L'Argentine, le Brésil, le Paraguay et l'Uruguay, réunis dans la ville brésilienne de Foz do Iguaçu (sud), espéraient initialement y parapher le traité samedi, tout comme la présidente de la Commission européenne, Ursula von der Leyen, et la plupart des pays européens.
Mais cette signature a finalement été reportée, face à la grogne des agriculteurs européens, notamment en France et en Italie.
"Nous sommes prêts à aller de l'avant, sachant que l'Europe a ses délais à respecter pour régler les questions institutionnelles internes, mais en même temps, ces délais ne sont pas infinis", a mis en garde le ministre paraguayen des Affaires étrangères, Rubén Ramírez.
Ce dernier a rencontré vendredi ses homologues du bloc avant que les chefs d'Etat ne se retrouvent samedi.
Malgré le report, Mme von der Leyen s'est dite "confiante" sur la possibilité d'une signature en janvier de cet accord négocié depuis plus de 25 ans, qui prévoit la création de la plus grande zone de libre-échange au monde.
Il permettrait aux européens d'exporter davantage de véhicules, machines, vins et spiritueux en Amérique du Sud. Dans le sens inverse, il faciliterait l'entrée en Europe de viande, sucre, riz, miel et soja sud-américains, ce qui alarme les filières concernées.
Une source au sein de la Commission européenne et deux diplomates ont indiqué que la nouvelle échéance visée est désormais le 12 janvier au Paraguay, confirmant une information du média spécialisé Euractiv.
- Colère -
Le gouvernement allemand, l'un des plus favorables au traité, a jugé vendredi que la signature était acquise.
Mais le président français Emmanuel Macron a jugé qu'il était "trop tôt" pour dire s'il acceptera la signature en janvier.
"Je l'espère, parce que ça veut dire qu'on aura obtenu des avancées pour certaines qui seront des avancées historiques", a-t-il ajouté.
Le report a été annoncé en marge d'un sommet européen à Bruxelles où des milliers d'agriculteurs sont venus faire entendre leur colère, avec pneus en feu, jets de pommes de terre et de projectiles auxquels ont répondu des canons à eau et des tirs de gaz lacrymogènes de la police.
En France, première puissance agricole en Europe où le secteur traverse une grave crise multiforme, le syndicat FNSEA a appelé ses adhérents à rester mobilisés, car "le Mercosur, c'est toujours NON!".
Vendredi, des dizaines d'agriculteurs ont manifesté devant la villa de M. Macron au Touquet (nord), déversant des tonnes de fumier, de pneus et de branchages à l'entrée de la résidence.
- "Patience" -
Le président brésilien Luiz Inacio Lula da Silva avait mis un point d'honneur à ce que le traité soit signé dans son pays, qui assure cette année la présidence tournante du Mercosur.

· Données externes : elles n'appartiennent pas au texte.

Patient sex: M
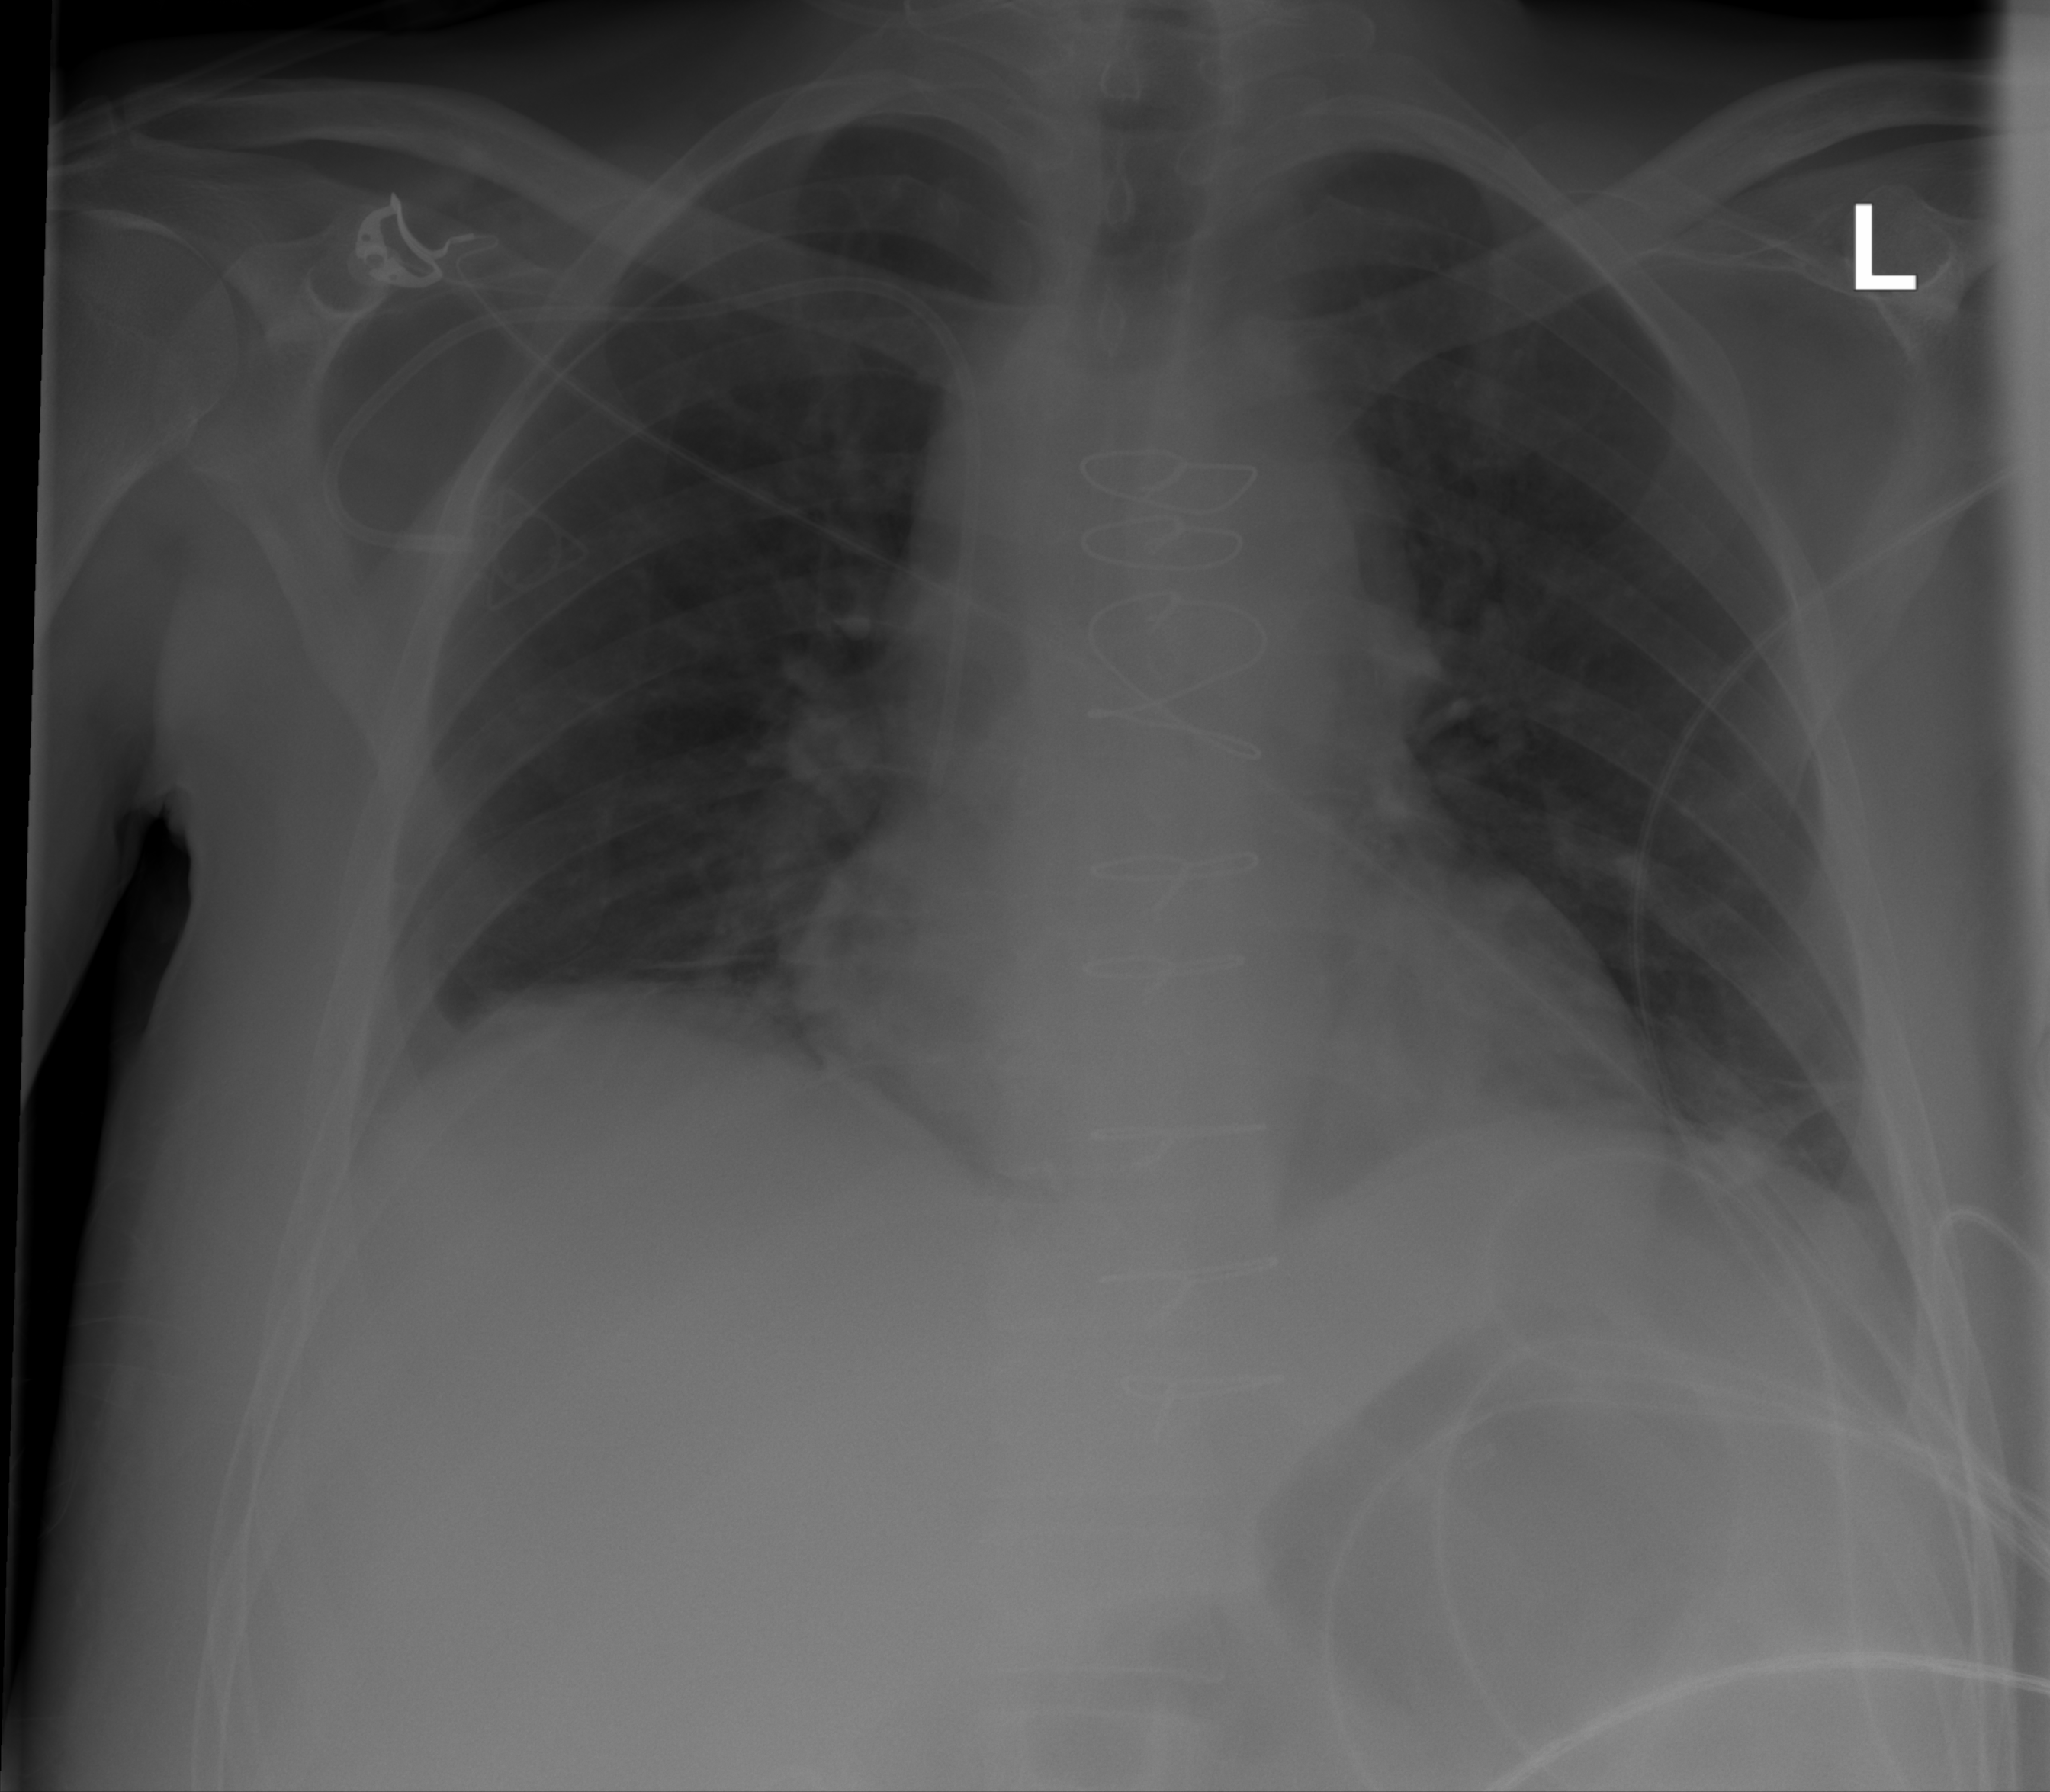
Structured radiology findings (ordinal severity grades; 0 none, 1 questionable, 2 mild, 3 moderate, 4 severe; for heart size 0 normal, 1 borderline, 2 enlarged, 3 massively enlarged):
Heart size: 2
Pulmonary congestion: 2
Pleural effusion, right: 2
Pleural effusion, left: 1
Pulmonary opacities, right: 0
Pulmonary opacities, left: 0
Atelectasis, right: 2
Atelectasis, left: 2
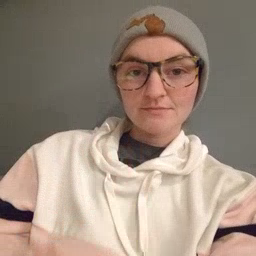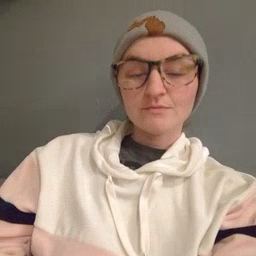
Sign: make
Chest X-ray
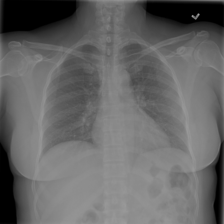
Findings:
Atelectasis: negative
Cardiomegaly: positive
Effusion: negative
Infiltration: negative
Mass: negative
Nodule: negative
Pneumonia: negative
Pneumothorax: negative
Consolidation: negative
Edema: negative
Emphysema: negative
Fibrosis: negative
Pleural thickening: negative
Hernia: negative
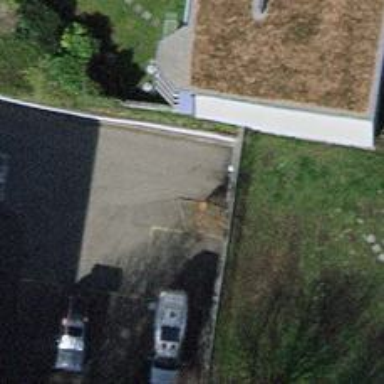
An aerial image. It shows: Parking entrance.
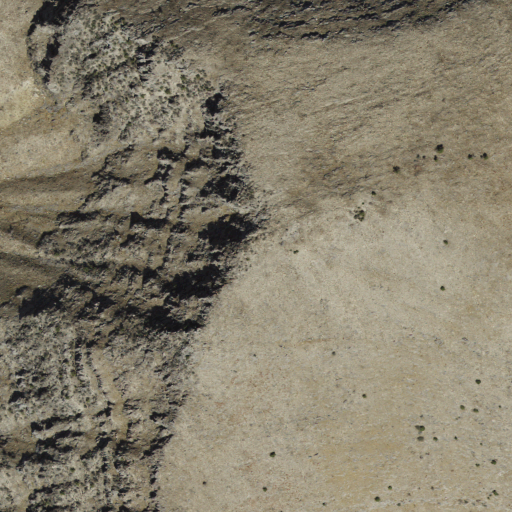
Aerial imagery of mountain in Utah named Craner Peak containing grassland, shrub, and evergreen forest
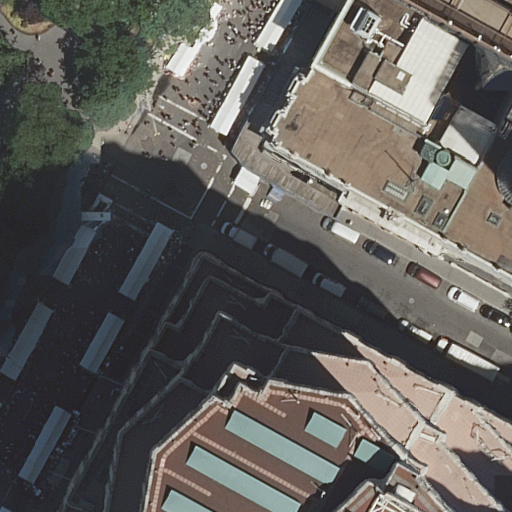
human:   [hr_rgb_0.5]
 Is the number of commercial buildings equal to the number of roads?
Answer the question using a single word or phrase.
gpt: no

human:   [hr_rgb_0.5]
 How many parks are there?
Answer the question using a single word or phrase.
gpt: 1

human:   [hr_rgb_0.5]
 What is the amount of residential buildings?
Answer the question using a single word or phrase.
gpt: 3

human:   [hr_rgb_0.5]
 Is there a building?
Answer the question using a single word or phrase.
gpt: yes

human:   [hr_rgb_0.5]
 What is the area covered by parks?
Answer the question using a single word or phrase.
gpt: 5383m2

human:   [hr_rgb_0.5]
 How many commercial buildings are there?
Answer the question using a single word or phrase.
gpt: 0

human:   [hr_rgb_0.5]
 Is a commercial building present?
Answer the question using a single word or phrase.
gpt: no

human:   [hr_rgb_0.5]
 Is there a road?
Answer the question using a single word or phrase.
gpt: yes

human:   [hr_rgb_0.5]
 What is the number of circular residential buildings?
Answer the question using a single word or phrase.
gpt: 0

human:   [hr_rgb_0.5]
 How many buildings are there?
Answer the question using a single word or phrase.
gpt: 3

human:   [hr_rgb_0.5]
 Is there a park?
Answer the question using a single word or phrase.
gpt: yes

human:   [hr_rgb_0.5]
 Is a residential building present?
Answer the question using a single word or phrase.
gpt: yes

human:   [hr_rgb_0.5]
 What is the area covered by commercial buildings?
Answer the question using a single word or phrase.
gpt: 0m2

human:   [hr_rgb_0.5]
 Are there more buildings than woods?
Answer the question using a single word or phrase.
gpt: yes

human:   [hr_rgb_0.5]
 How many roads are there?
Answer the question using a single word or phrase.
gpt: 6

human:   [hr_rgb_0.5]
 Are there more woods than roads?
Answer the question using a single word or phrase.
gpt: no

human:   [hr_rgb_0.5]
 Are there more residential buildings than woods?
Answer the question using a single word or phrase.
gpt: yes

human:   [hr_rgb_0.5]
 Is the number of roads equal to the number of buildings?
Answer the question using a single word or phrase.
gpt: no

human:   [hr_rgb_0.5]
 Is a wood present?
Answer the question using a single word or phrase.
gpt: yes

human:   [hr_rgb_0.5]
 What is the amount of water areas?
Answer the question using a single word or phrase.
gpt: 0

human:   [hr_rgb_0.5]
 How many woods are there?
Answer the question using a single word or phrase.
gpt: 1

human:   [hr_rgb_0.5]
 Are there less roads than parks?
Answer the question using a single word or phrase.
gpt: no

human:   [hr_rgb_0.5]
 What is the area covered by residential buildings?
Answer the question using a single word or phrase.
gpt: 4802m2

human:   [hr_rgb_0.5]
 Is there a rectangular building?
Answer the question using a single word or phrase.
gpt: yes

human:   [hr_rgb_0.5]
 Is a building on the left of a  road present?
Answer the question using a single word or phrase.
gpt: no

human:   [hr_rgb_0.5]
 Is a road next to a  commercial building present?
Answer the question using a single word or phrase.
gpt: no

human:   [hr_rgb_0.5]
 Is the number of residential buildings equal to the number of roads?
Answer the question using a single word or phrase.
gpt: no

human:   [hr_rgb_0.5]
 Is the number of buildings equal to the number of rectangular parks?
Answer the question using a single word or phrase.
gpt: no

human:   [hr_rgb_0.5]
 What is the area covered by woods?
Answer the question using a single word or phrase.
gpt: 1786m2

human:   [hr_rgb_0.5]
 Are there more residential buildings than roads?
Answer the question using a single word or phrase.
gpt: no

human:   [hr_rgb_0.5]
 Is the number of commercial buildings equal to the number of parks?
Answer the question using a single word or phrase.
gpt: no

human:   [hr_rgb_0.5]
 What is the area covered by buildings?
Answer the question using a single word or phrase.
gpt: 4802m2

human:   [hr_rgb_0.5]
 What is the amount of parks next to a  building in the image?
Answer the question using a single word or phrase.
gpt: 1

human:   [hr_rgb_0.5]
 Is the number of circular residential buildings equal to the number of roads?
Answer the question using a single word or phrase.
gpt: no

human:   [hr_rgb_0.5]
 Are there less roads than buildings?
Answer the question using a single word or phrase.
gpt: no

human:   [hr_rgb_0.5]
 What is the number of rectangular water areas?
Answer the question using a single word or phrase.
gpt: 0

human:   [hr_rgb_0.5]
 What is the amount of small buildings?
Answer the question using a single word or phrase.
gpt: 1

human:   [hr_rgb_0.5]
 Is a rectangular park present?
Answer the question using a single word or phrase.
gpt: yes

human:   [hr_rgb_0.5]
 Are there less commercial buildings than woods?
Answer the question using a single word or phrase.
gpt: yes

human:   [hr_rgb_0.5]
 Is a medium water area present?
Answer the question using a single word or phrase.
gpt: no

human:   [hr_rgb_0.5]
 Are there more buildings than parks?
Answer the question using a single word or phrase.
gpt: yes

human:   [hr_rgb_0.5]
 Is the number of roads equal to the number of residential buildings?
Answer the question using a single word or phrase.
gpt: no

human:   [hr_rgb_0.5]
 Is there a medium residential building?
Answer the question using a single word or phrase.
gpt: yes

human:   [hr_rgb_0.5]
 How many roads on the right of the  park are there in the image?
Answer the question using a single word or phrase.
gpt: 6

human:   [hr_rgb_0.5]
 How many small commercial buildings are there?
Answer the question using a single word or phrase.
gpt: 0

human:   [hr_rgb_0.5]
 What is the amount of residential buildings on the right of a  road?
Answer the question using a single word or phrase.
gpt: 2

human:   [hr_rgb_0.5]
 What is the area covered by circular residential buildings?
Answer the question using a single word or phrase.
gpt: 0m2

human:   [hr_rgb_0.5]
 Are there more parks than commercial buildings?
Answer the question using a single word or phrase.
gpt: yes

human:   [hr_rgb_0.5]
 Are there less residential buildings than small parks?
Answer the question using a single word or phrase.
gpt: no

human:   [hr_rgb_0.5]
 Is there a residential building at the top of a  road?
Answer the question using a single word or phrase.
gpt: yes

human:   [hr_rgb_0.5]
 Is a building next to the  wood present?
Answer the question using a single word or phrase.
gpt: yes

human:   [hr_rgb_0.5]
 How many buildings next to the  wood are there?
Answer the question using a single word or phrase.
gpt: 3

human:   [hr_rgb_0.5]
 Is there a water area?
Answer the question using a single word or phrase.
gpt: no

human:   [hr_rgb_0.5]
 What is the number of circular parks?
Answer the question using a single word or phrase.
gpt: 0

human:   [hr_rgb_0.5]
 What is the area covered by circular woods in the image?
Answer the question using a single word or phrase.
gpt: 0m2

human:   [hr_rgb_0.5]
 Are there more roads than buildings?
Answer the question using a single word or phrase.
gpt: yes

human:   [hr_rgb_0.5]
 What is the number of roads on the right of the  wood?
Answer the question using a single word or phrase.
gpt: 6

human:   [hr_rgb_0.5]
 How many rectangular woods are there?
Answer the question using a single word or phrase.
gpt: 0

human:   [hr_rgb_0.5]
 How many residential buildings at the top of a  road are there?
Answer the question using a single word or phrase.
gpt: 2

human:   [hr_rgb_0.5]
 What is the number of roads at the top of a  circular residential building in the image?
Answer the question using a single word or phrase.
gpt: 0

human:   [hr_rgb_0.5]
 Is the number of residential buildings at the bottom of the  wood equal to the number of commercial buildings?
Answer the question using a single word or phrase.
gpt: yes

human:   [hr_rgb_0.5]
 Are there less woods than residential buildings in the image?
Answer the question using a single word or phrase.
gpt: yes

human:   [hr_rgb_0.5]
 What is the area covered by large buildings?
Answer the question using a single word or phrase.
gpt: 4392m2

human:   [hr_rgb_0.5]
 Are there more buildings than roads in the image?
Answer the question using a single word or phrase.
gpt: no
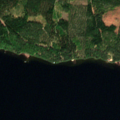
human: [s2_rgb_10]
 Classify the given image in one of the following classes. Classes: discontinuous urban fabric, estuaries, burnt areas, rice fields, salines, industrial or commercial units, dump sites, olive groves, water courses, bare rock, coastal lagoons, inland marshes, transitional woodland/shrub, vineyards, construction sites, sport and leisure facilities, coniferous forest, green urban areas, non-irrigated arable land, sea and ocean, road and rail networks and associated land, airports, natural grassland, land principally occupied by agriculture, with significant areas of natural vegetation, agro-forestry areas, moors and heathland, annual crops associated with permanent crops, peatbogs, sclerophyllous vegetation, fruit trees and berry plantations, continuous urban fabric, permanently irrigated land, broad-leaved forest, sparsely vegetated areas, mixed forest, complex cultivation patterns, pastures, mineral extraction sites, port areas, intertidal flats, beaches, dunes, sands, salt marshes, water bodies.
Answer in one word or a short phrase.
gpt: coniferous forest, mixed forest, water bodies
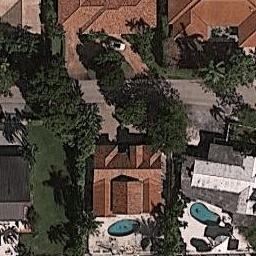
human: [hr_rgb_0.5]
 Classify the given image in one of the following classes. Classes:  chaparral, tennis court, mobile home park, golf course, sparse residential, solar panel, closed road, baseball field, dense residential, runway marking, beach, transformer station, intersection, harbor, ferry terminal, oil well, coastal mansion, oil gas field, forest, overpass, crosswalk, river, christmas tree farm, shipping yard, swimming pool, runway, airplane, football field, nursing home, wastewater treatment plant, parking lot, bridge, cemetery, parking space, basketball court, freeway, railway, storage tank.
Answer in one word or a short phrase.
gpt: coastal mansion
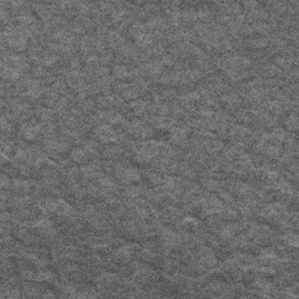
Label: frost
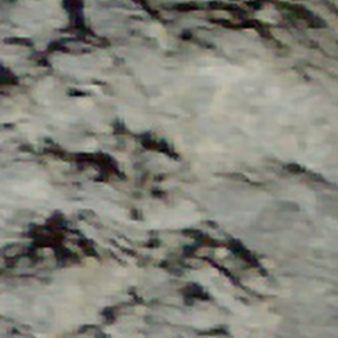
Label: other
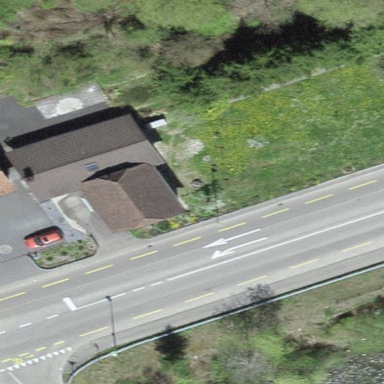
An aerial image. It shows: Detached building.
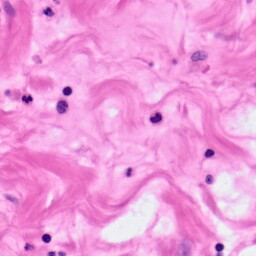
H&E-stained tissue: Pancreatic
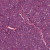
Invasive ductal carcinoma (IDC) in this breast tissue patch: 1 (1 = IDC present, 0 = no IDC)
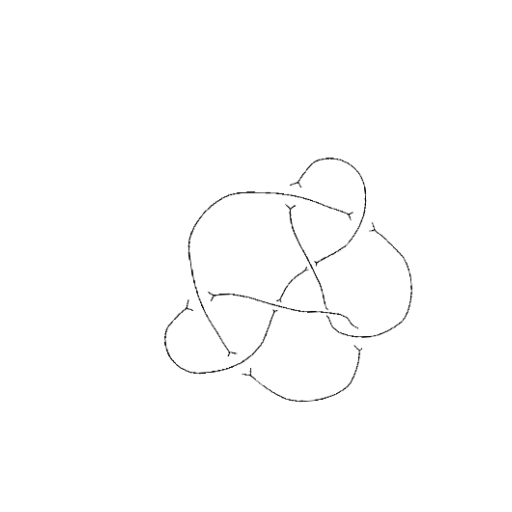
Crossing number: 8
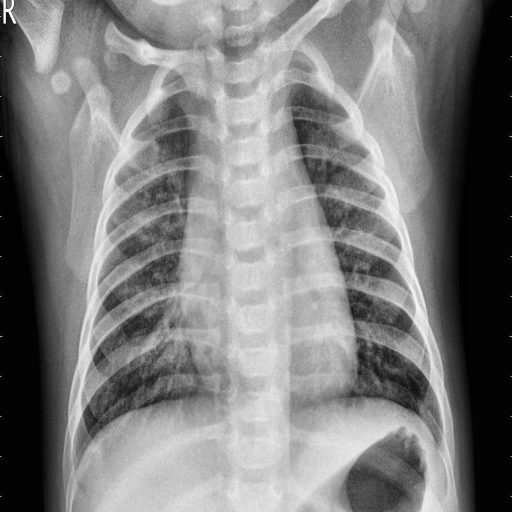
Finding: PNEUMONIA
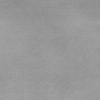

Il s'est résolu à un report, expliquant jeudi que la Première ministre italienne, Giorgia Meloni, lui avait demandé de la "patience" lors d'un échange téléphonique.
"Si ce n'est pas possible de le signer maintenant car ils ne sont pas prêts, je ne peux rien y faire", a-t-il déploré, soulignant que la signature de l'accord serait "importante pour la défense du multilatéralisme".
Des "clauses de sauvegarde" sont prévues en cas de déstabilisation des marchés agricole, mais "dans l'opinion publique française, il y a des choses dépassant le rationnel qui empêchent la signature" de l'accord, a dit à l'AFP une source gouvernementale brésilienne.
La réunion du Mercosur sera par ailleurs marquée samedi par la présence du président argentin, l'ultra-libéral Javier Milei, aux antipodes de Lula sur l'échiquier politique.
Des divergences exacerbées cette semaine par une publication de M. Milei sur Instagram qui a suscité la polémique: on y voit une carte d'Amérique du Sud représentant le Brésil et d'autres pays gouvernés par la gauche comme une énorme favela et l'Argentine comme un pays futuriste, tout comme le Chili, qui vient de basculer à l'extrême droite.